YAML# values.yaml for kube-stack-prometheus
kube-state-metrics:
extraArgs:
  - "--metric-labels-allowlist=pods=[app,name,app.kubernetes.io/name,helm.sh/chart,app.kubernetes.io/component]"
kubeStateMetrics:
  serviceMonitor:
    metricRelabelings:
      - sourceLabels: [label_app, label_app_kubernetes_io_name]
        separator: ":"
        targetLabel: "app"
      - sourceLabels: [app]
        regex: "(.*):(.*)"
        replacement: "$1$2"
        targetLabel: app
      - action: "labeldrop"
        regex: "^label_app_kubernetes_io_name|label_app$"

The extra arguments for kube-state-metrics tell it to transfer those specific labels from pods onto their metrics. Then the metricRelabelings section normalizes the app and app.kubernetes.io/name labels in a roundabout fashion.[1] Then the dashboard only needs to match against a single label. This worked perfectly:

The trouble now is, I would need to transfer the labels and then relabel the metrics for every component that collects them, which isn’t always possible. For example, the metrics for CPU and memory usage are collected by cAdvisor, which is running in the cluster as part of the kubelet. Because I’m using DigitalOcean’s Managed Kubernetes, I don’t have any control over cAdvisor and therefore can’t pass it the command-line flag to transfer labels, rendering this entire endeavour somewhat useless.

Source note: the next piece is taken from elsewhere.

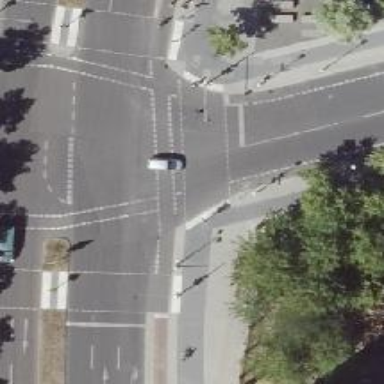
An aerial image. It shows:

I restored the original dashboard in defeat. (On the bright side, I’ve noted for the future that all this extra cardinality I was worrying about amounted to fewer than 200 new samples appended per second in Prometheus.)

Assorted titbits


  1. Since a given pod will only have at most one of those labels, it puts them both in a new app label with a : in between, removes the colon (leaving us with at most one full name), and drops the two original labels.